=== Source data ===

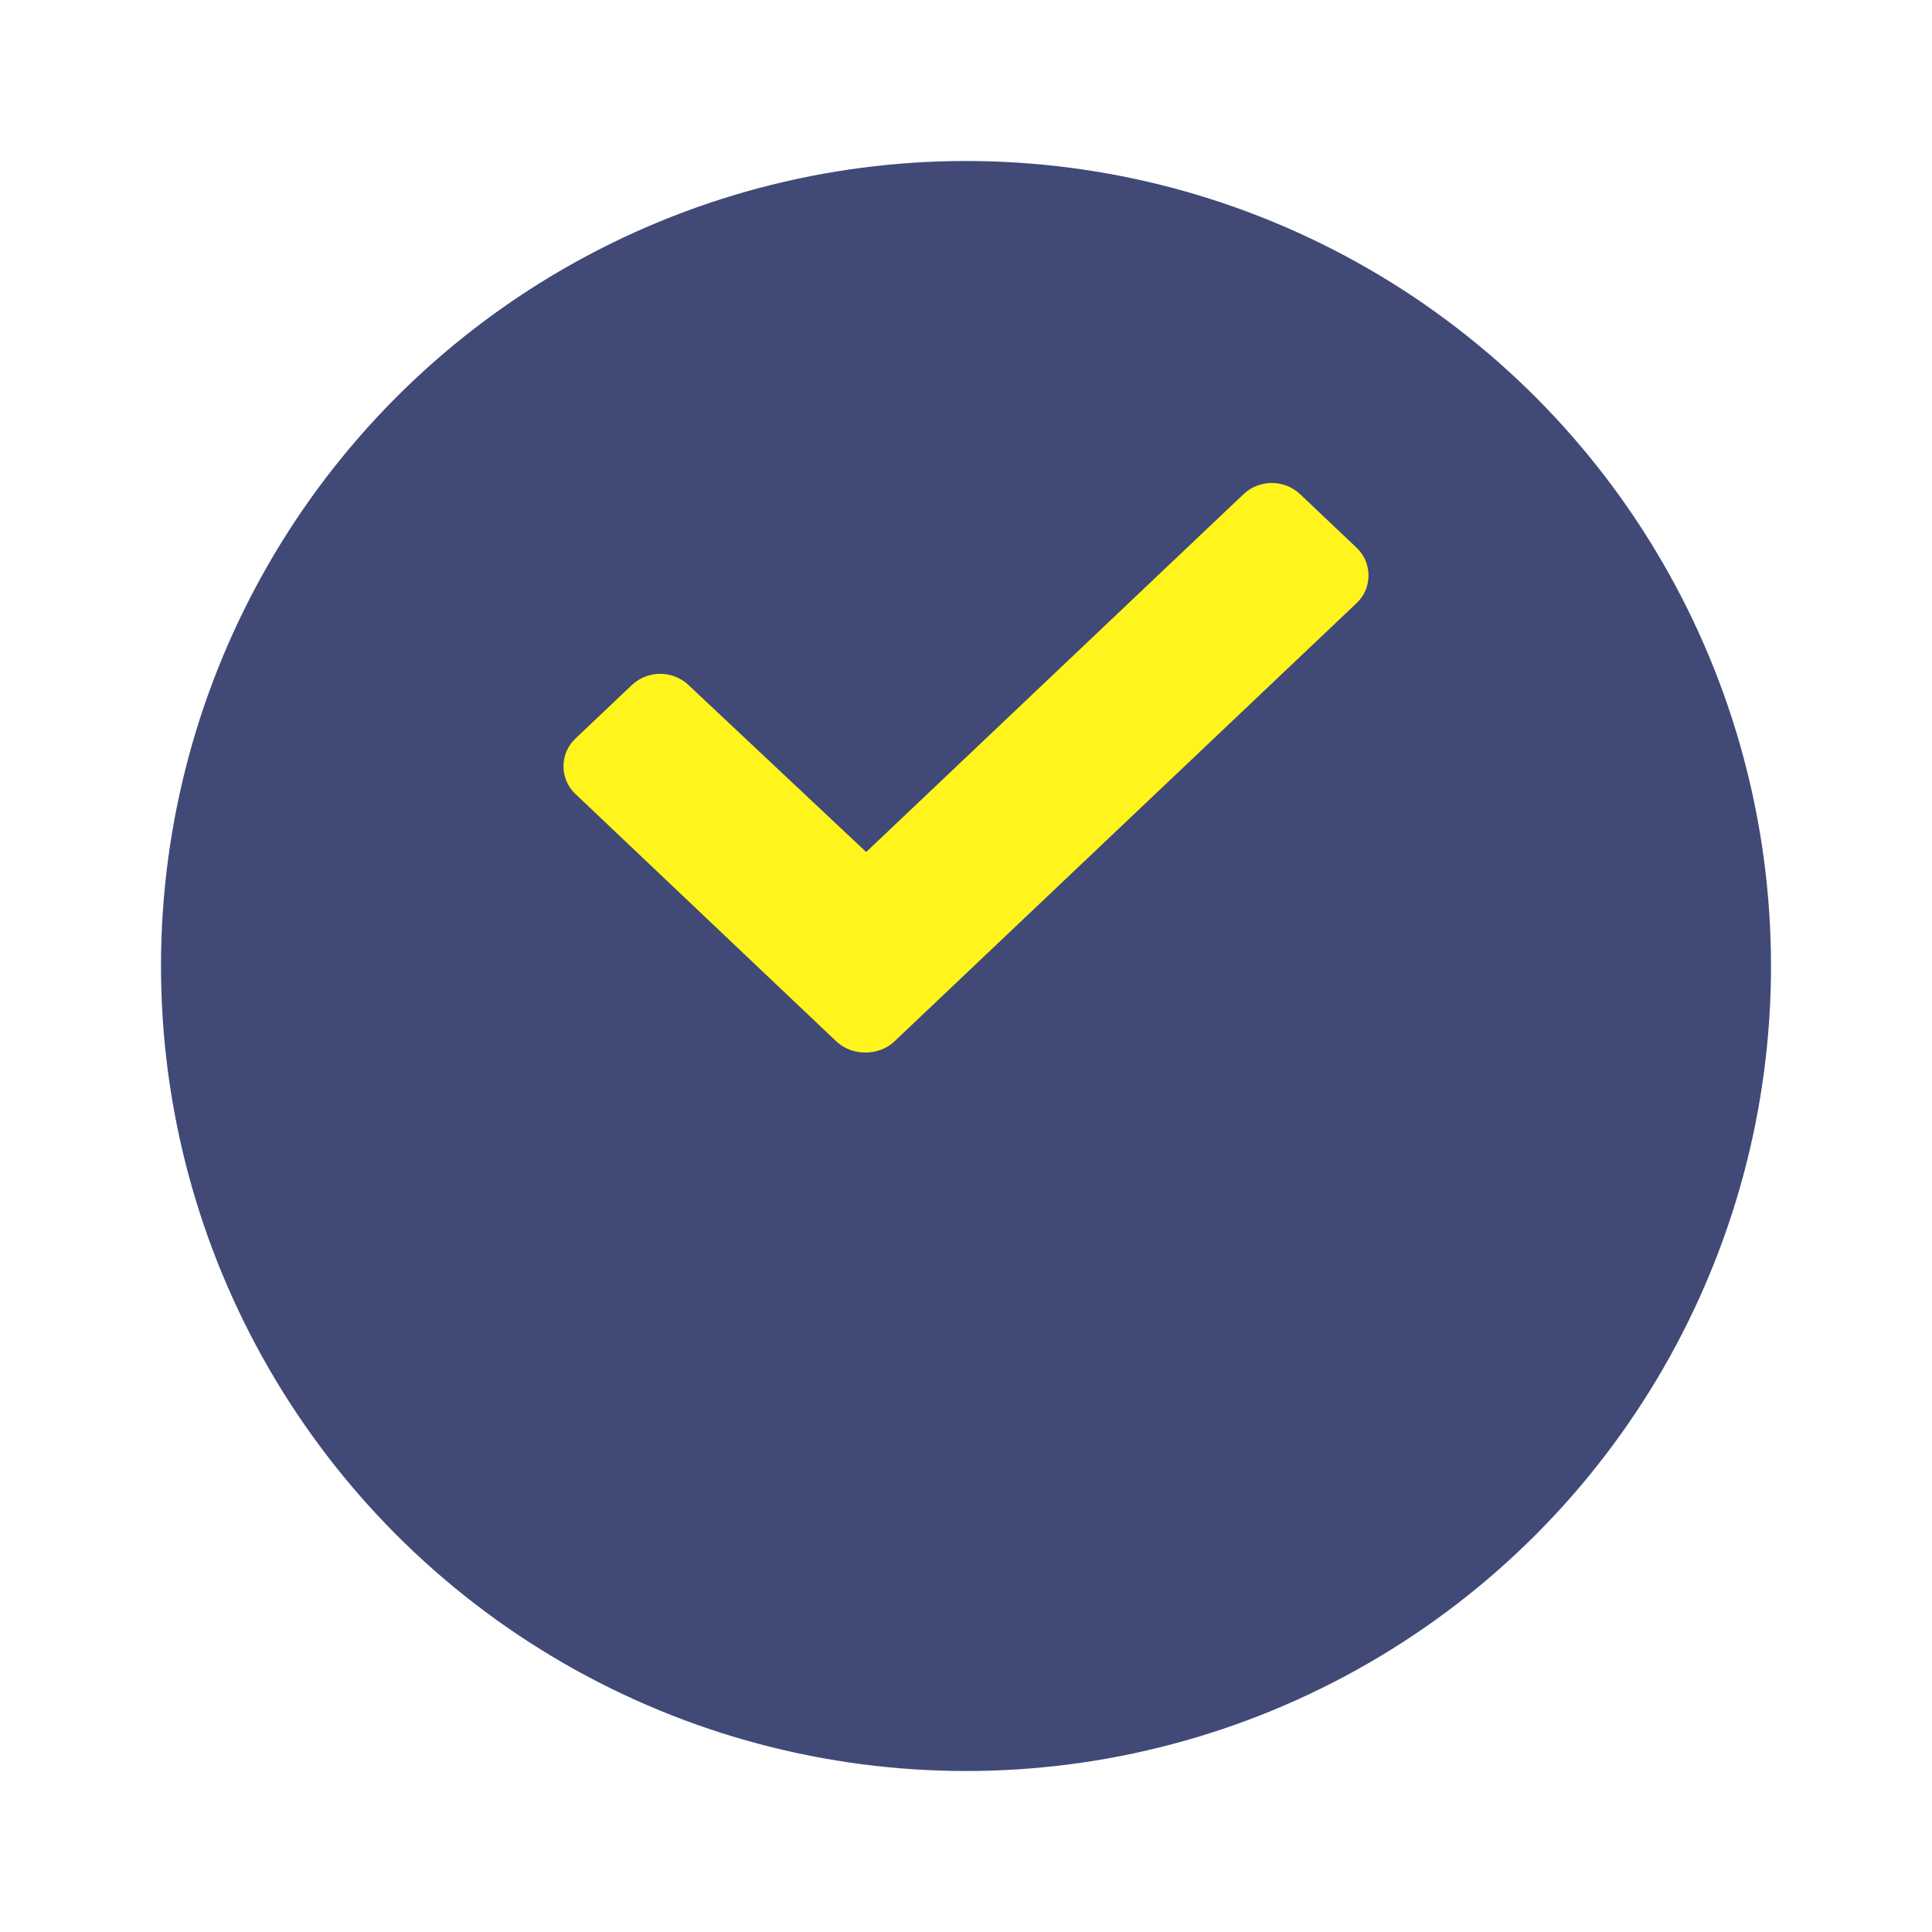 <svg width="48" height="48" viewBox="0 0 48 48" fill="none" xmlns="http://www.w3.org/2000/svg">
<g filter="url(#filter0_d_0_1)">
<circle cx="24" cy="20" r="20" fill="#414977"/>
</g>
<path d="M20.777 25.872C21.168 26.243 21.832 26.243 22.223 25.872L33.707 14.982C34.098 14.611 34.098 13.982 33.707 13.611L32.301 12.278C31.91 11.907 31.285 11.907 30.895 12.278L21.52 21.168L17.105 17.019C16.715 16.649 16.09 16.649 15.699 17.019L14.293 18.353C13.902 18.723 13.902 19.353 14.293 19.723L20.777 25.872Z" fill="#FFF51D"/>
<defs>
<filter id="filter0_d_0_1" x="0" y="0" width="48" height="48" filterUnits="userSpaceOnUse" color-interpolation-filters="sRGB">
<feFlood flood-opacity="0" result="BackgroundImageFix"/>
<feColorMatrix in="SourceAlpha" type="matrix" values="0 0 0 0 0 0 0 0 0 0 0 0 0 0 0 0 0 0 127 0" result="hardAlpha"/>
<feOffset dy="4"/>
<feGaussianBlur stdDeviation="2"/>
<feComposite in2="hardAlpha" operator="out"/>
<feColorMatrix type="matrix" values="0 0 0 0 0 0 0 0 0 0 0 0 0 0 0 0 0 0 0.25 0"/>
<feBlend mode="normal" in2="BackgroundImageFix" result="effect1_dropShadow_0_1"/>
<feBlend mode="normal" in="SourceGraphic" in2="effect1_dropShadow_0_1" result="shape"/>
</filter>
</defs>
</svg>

===
=== Source data ===

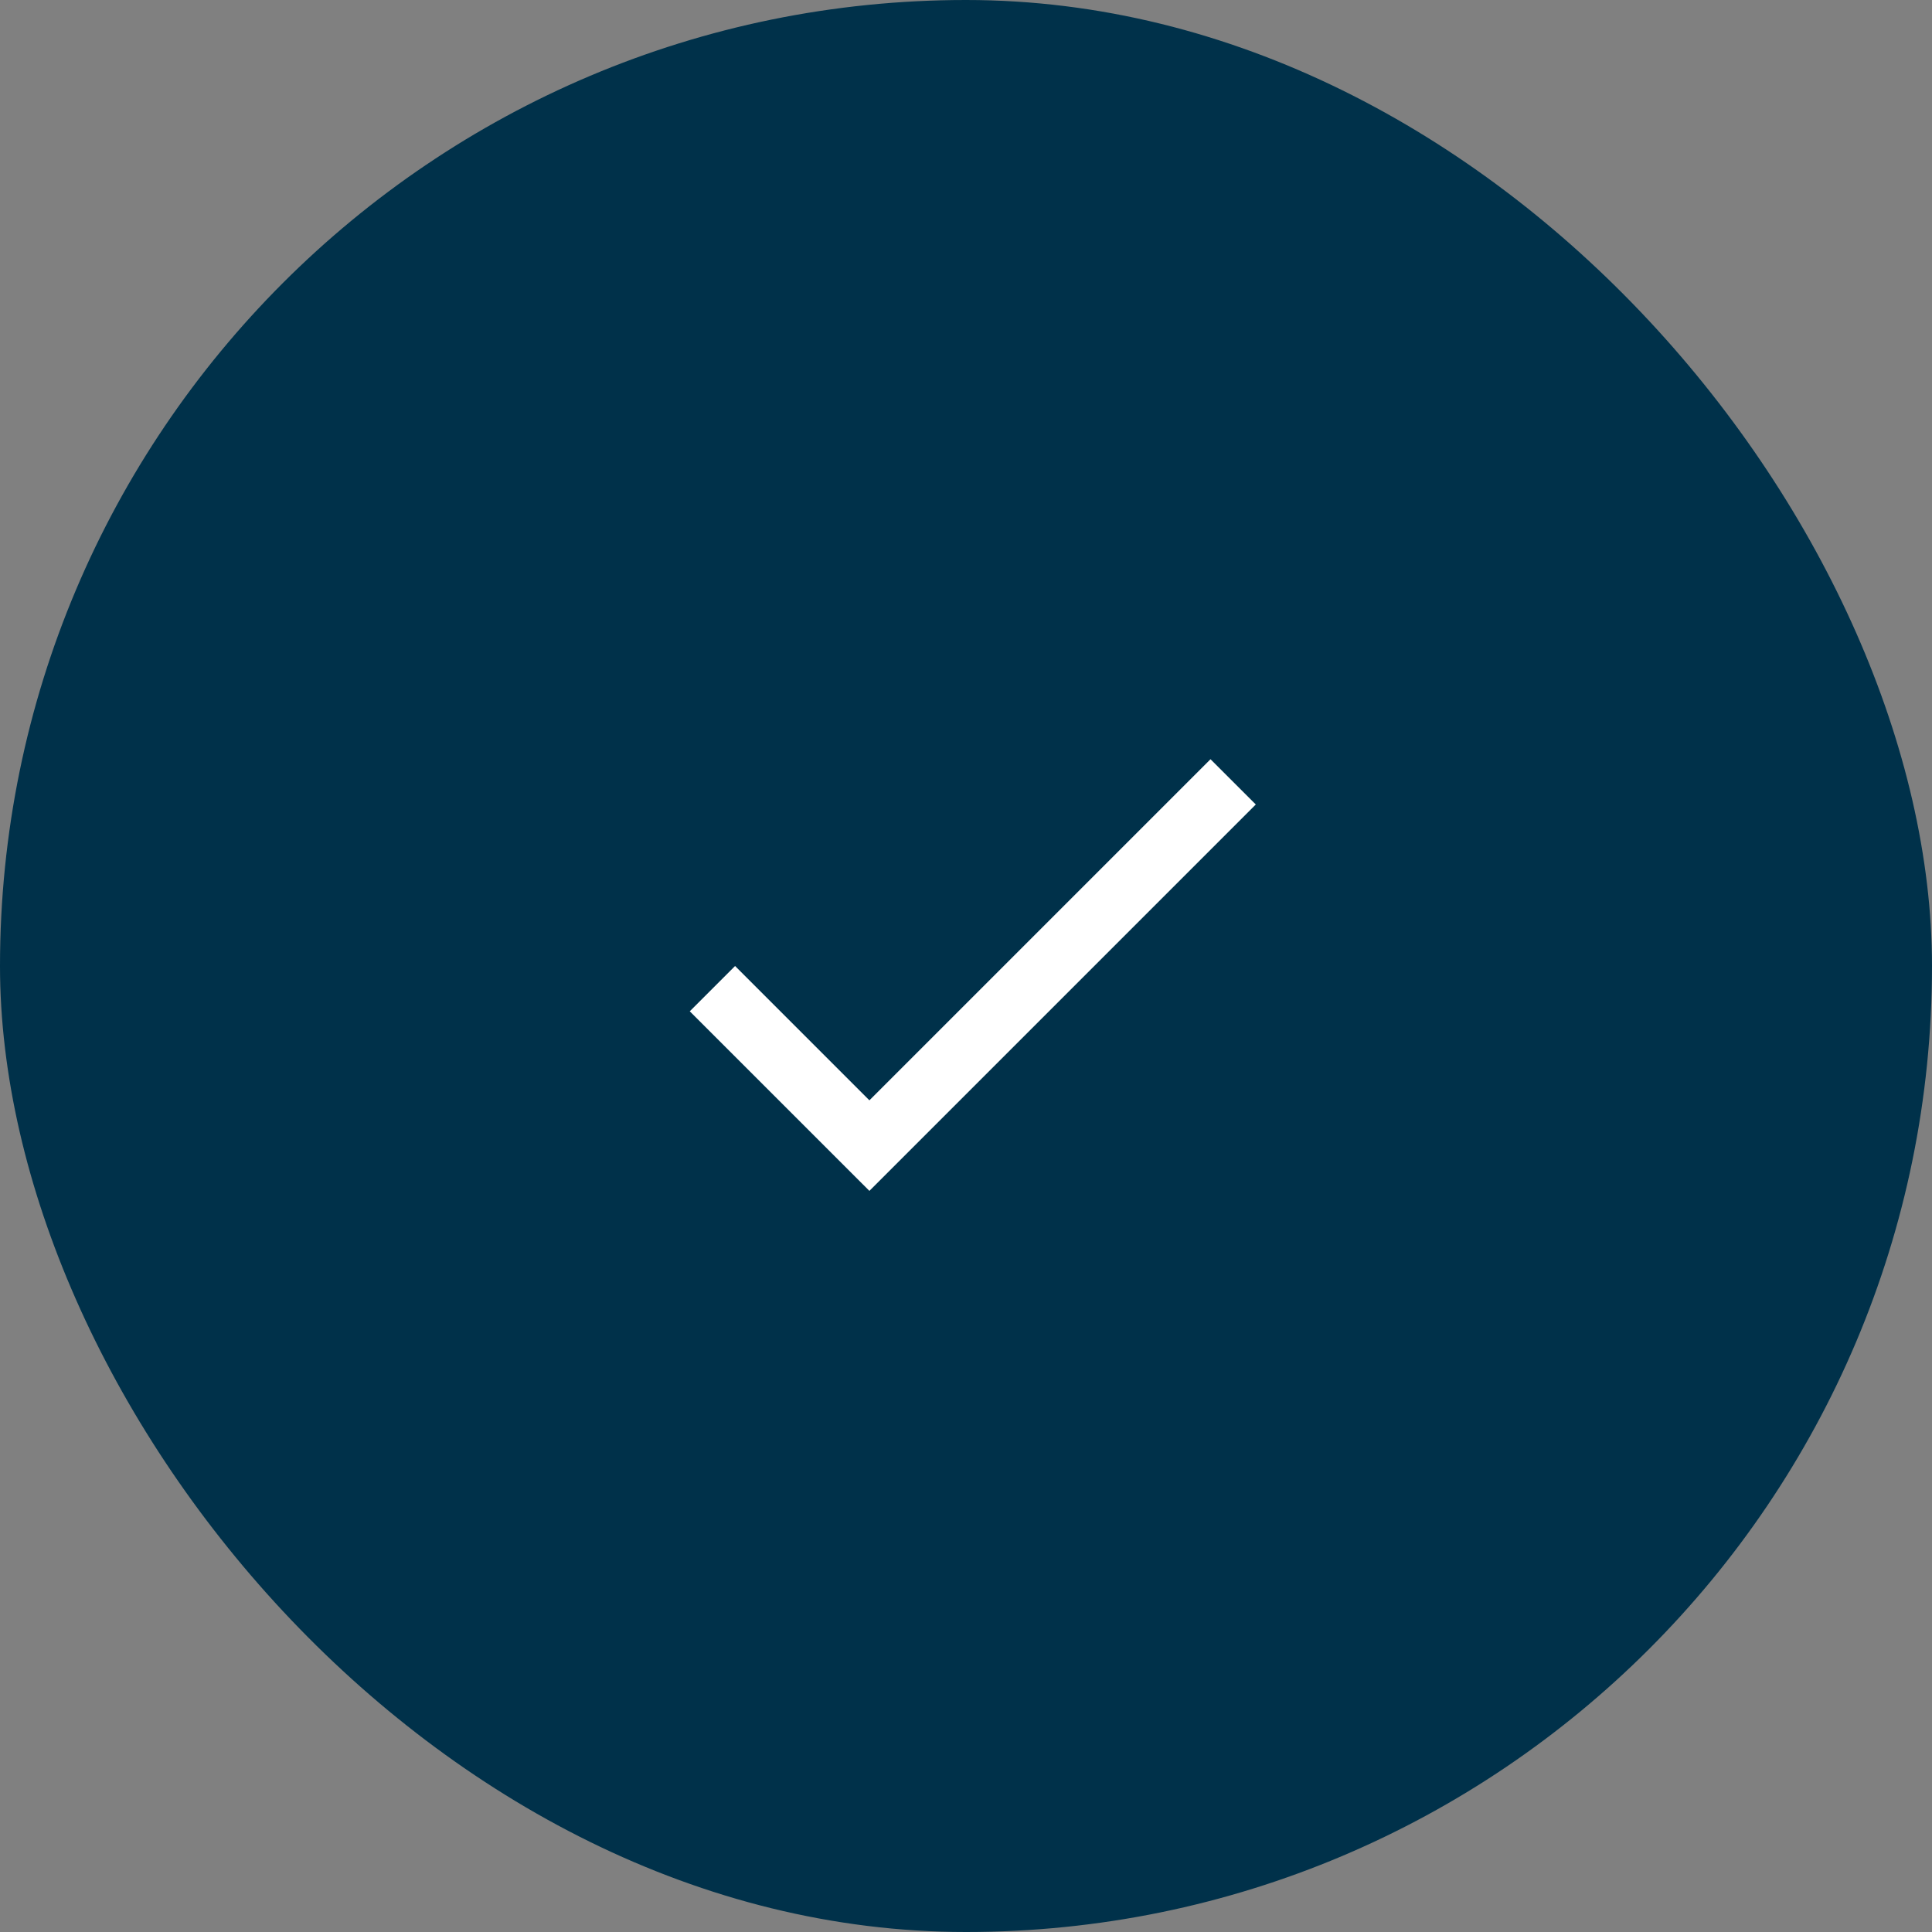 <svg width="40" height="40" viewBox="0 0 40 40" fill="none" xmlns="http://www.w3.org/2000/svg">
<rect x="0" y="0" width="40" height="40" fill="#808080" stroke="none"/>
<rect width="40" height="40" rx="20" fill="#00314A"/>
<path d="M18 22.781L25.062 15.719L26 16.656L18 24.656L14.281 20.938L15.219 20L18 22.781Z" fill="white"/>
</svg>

===

Work item:
Across the data, find each line that has "type" in it and copy that line.

Solution to this problem:
<feColorMatrix in="SourceAlpha" type="matrix" values="0 0 0 0 0 0 0 0 0 0 0 0 0 0 0 0 0 0 127 0" result="hardAlpha"/>
<feColorMatrix type="matrix" values="0 0 0 0 0 0 0 0 0 0 0 0 0 0 0 0 0 0 0.25 0"/>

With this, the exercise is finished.